Apart from the pictures, everything in the lines below must be printed exactly.

______________________________

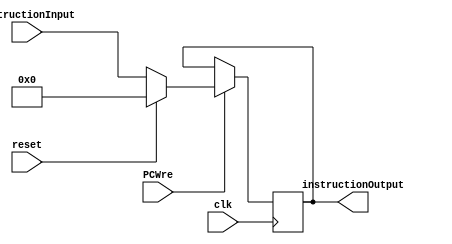
`timescale 1ns / 1ps
//////////////////////////////////////////////////////////////////////////////////
// Company:
// Engineer:
//
// Design Name:
// Module Name:    PC
// Project Name:
// Target Devices:
// Tool versions:
// Description:
//
// Dependencies:
//
// Revision:
// Revision 0.01 - File Created
// Additional Comments:
//
//////////////////////////////////////////////////////////////////////////////////

module PC(
    input clk,                        // 
    input reset,                      // PC
    input PCWre,                      // CU
    input [31:0] instructionInput,    // PC
    output reg[31:0] instructionOutput// 
    );
	 initial
	     instructionOutput = 32 'h00000000;
    always @(posedge clk)
	     begin
		      if (PCWre != 1 'b0) begin
				        // 
               if (reset == 1 'b1) instructionOutput = 32 'h00000000;
					     else instructionOutput = instructionInput;
					end
		  end

endmodule
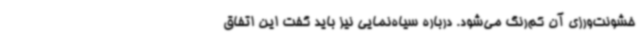
خشونت‌ورزی آن کم‌رنگ می‌شود. درباره سیاه‌نمایی نیز باید گفت این اتفاق

______________________________

:: THE COMPLETED TASK ::
`timescale 1ns / 1ps
//////////////////////////////////////////////////////////////////////////////////
// Company:
// Engineer:
//
// Design Name:
// Module Name:    PC
// Project Name:
// Target Devices:
// Tool versions:
// Description:
//
// Dependencies:
//
// Revision:
// Revision 0.01 - File Created
// Additional Comments:
//
//////////////////////////////////////////////////////////////////////////////////

module PC(
    input clk,                        // 
    input reset,                      // PC
    input PCWre,                      // CU
    input [31:0] instructionInput,    // PC
    output reg[31:0] instructionOutput// 
    );
	 initial
	     instructionOutput = 32 'h00000000;
    always @(posedge clk)
	     begin
		      if (PCWre != 1 'b0) begin
				        // 
               if (reset == 1 'b1) instructionOutput = 32 'h00000000;
					     else instructionOutput = instructionInput;
					end
		  end

endmodule
خشونت‌ورزی آن کم‌رنگ می‌شود. درباره سیاه‌نمایی نیز باید گفت این اتفاق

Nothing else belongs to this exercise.